Hi Murkadilla, it's very possible, but you'll have to work really hard. It may take months or years for you to get there and even then, you may not have the right network to land your first gig. It's repeated really often but networking is actually pretty key in this industry. Many of our students come to us because they want a jump on how long it will take for them to be ready to get their first gig! It can take longer if you're teaching yourself and our courses give people a way to not only gain the skills but also network with industry professionals.

Keep working hard though and you can do it! Good luck out there!

johntaylorpi2 karma

What's the difference between scripting and programming in terms of game development?

nycdazach2 karma

To be honest John, I'm not a game development expert specifically. However, my understanding is that scripting generally refers to getting the game to play in some automatic way or unlocking some sort of extra bonus material in a pre-existing game. Programming a game is typically a much more involved process. It depends on how much you're willing to use in regards to open source libraries and engines, but game development can involve many low-level languages like C, C++, C#, and sometimes even as "bare-metal" as assembly. However, if you're willing to use a pre-existing engine, or library of pre-existing code to govern real-world rules like gravity in a virtual world, then programming a game can be a little bit easier. If you wanted to get started with game development, it seems that scripting would be a fun way to get your hands dirty without doing too much work! Alternatively, you could try using one of the major game engines like Unity, Unreal Engine, etc. that has good online tutorials to go off of.
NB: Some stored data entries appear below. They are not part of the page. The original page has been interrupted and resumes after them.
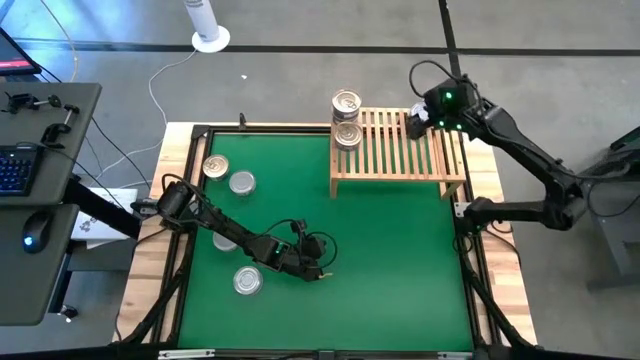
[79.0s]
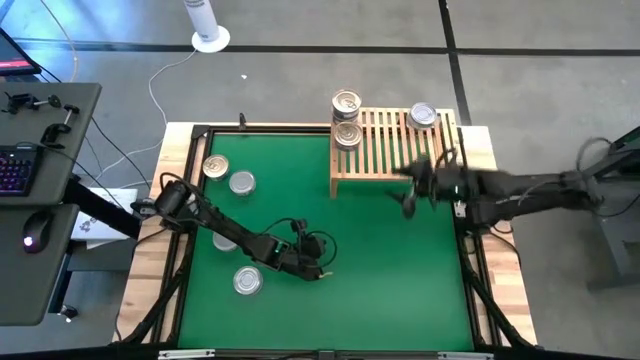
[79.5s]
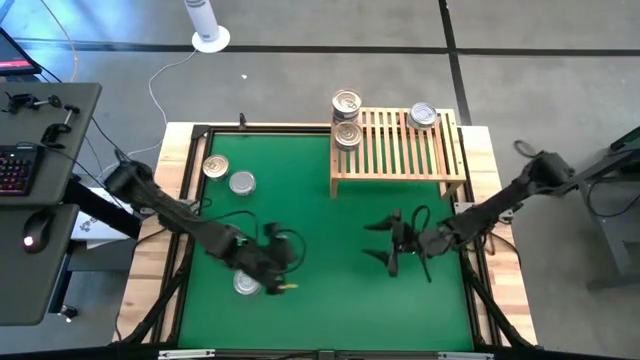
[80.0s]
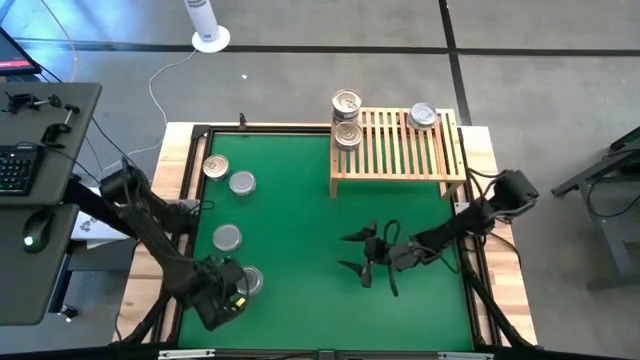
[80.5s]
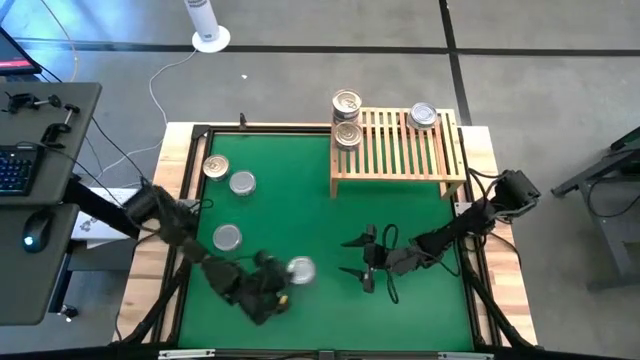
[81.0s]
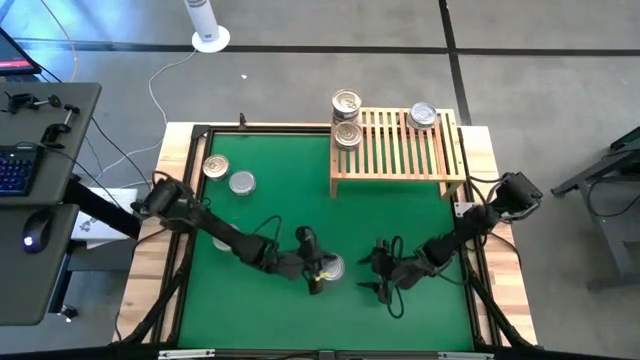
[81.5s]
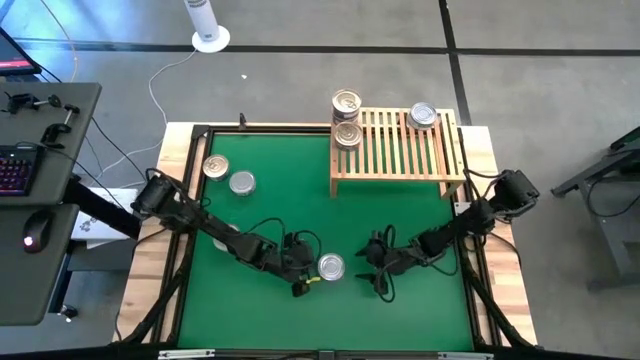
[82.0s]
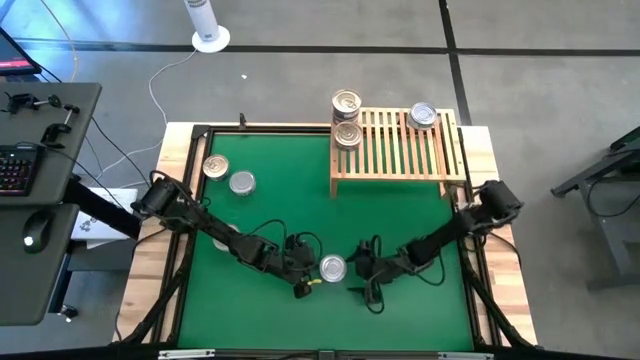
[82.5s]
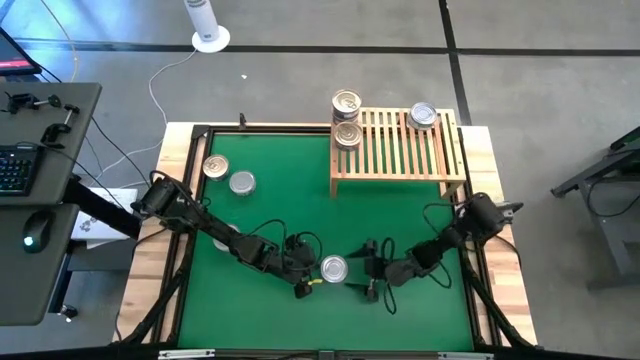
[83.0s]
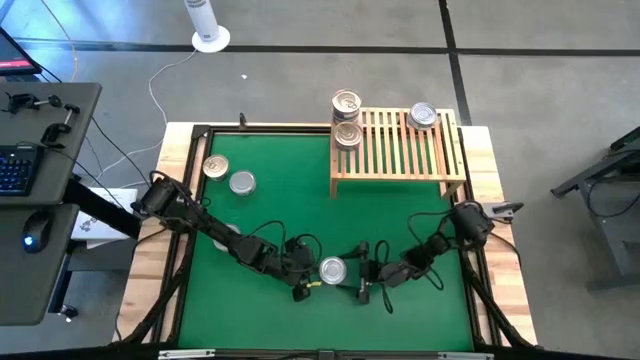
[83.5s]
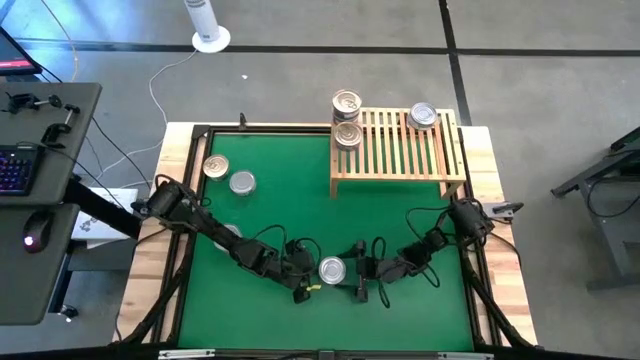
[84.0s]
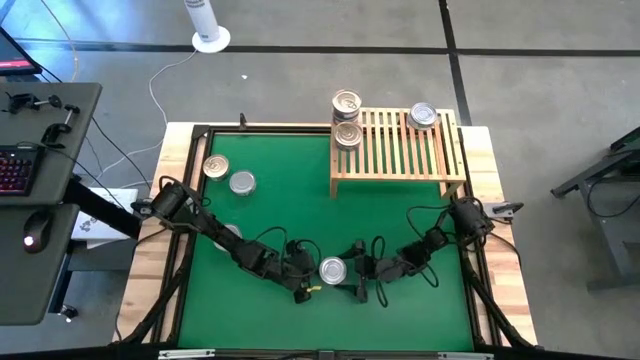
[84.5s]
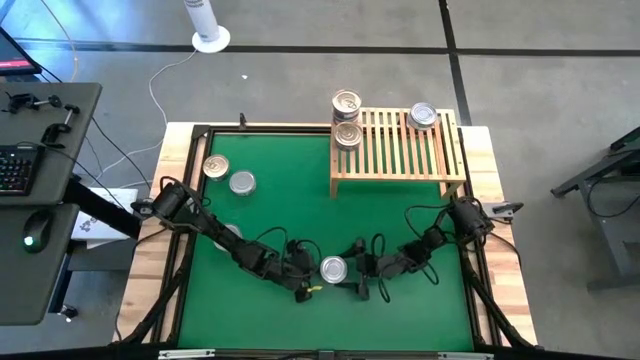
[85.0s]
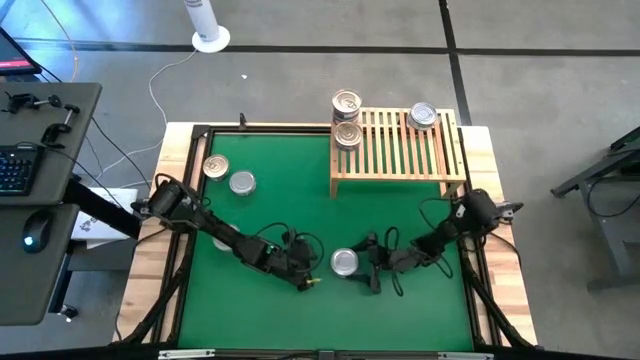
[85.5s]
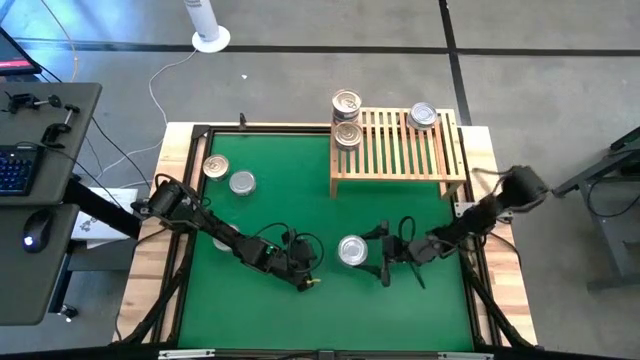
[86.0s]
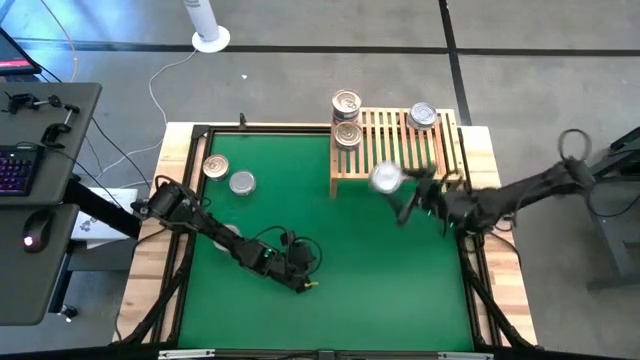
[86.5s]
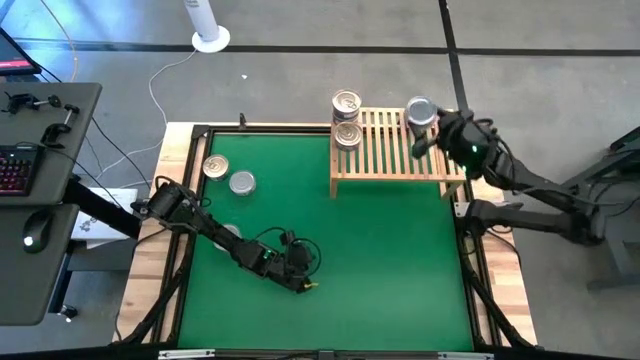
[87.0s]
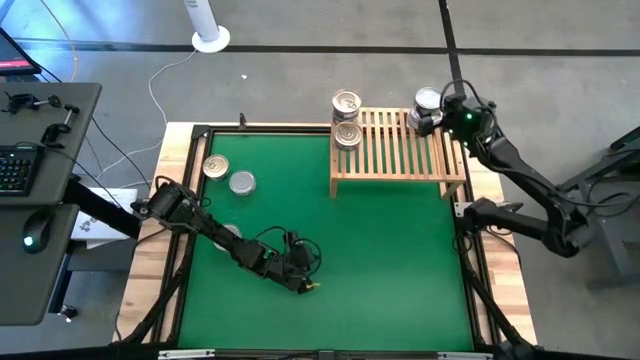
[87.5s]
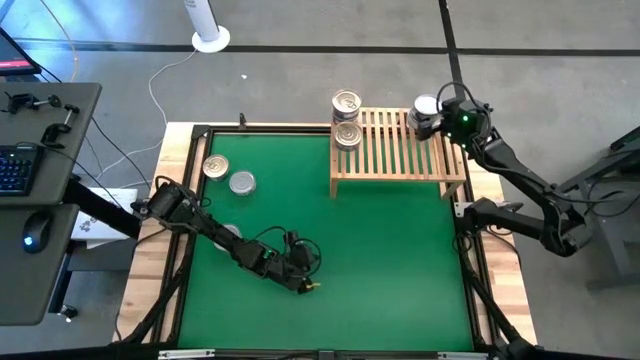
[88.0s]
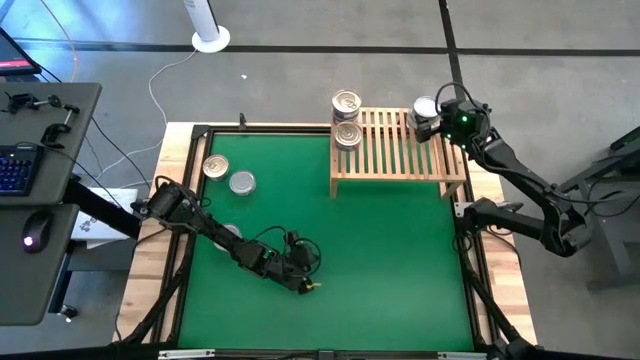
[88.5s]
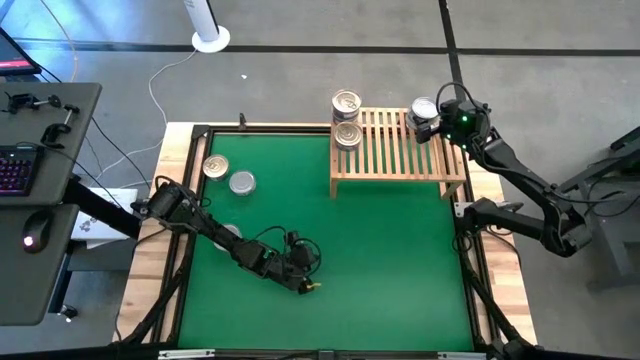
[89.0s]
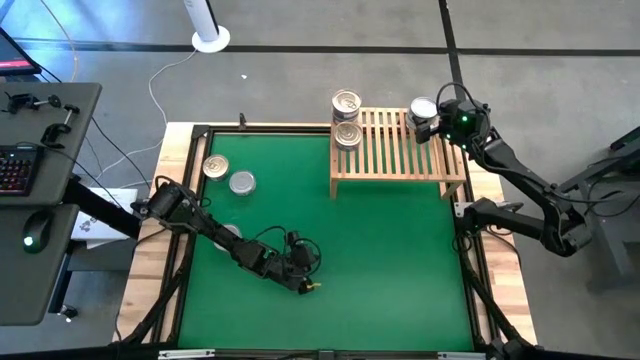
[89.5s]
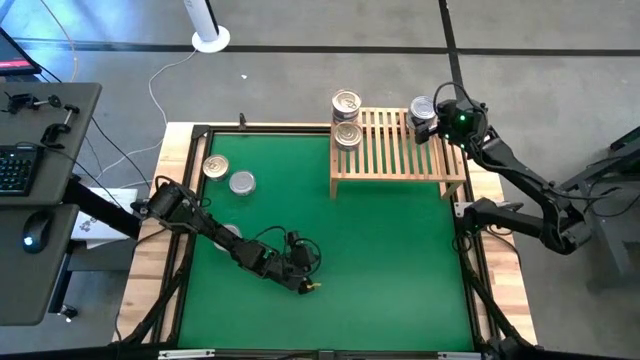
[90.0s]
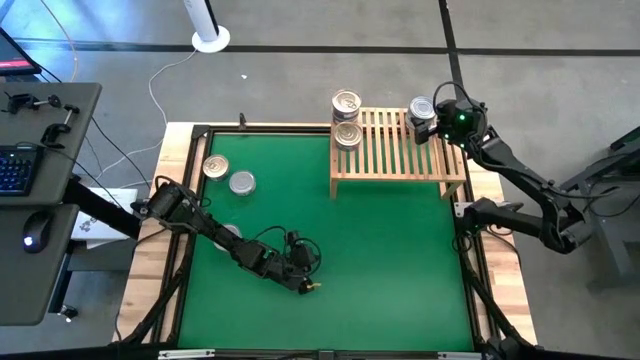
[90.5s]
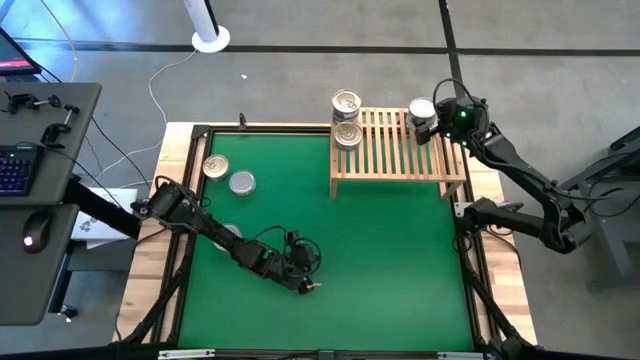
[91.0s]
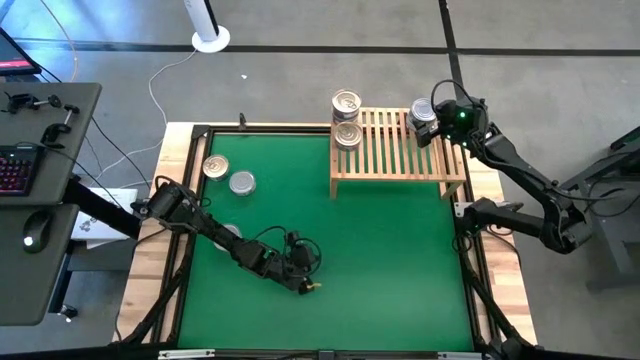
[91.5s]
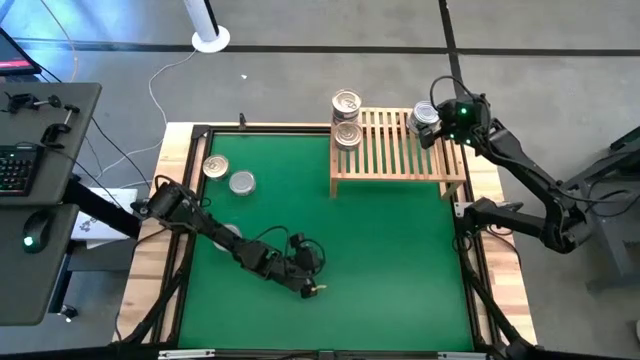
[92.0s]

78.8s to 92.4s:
Task: Stack canned seafood by type on shelf
Stack the green tuna can on top of the green tuna can on the shelf

If anybody wants to chime in with a bit more experience on this topic, I'm sure it would help!

midoman1112 karma

How long would it take me to master HTML and CSS?I already know the basics but I want to become better at it.

nycdazach3 karma

Hi midoman, honestly, I don't think anybody ever truly masters HTML and CSS. The spec is changing all of the time and new technologies like SASS and HTML5 are constantly changing the definition of "mastery"!

However, I'd say that if you've been building websites for 2-3 years and working mostly on the front-end, and not using templates, you'd probably have a pretty darn good understanding of things. Our Front End 101 class provides a lot of the object-oriented JavaScript and element building training you'd need as a solid foundation!

Johnbathehutt2 karma

Hi, I will soon be graduating with degrees in mathematics and education. I am well versed in logical thinking, but I don't know code just yet. I'm learning java now. I was wondering what kind of job opportunities there are available? This seems like an ideal learning/teaching experience for me!

nycdazach2 karma

That's pretty awesome Mr. Hutt, congrats to you! My roommate also graduated with a degree in mathematics and he loves visual design - he became a front-end developer.
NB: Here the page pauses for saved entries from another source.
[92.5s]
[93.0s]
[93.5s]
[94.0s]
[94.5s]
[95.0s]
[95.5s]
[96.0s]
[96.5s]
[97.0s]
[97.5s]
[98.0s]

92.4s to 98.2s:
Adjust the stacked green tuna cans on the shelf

I'm not really sure where in the world you are, but you may want to start with a more simple type-safe language like Ruby, Python, or Swift to get going. Job opportunities in this field are pretty rich right now depending on where you are. Many of them are in Front-End Development (HTML, CSS, JavaScript), Back-End Development (Ruby/Sinatra/Rails, JavaScript/Node, Java/Play), and Mobile Development (Java/Android, Swift/Obj-C/iOS, etc).
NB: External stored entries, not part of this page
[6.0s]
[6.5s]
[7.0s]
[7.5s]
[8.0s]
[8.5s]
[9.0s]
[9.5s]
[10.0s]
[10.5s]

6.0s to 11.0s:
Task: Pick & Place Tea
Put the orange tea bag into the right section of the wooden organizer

My main piece of advice to you is to study a language that allows you to have success quickly. It can be very discouraging to study a language that is not so easy to work with for a beginner, which is why I'd recommend Ruby, Python, or Swift. But I think you'd also do fine studying Java as long as you're not finding it too crazy!

Job opportunities-wise, we're always looking for teachers for our courses. However, all of our teachers have to have had some real-world programming experience. Feel free to give us an e-mail in a bit though once you've had that!

CaptainKick2 karma

What is the best "field" for aspiring programmers at the moment? Front-end, back-end, Web development, app development, etc.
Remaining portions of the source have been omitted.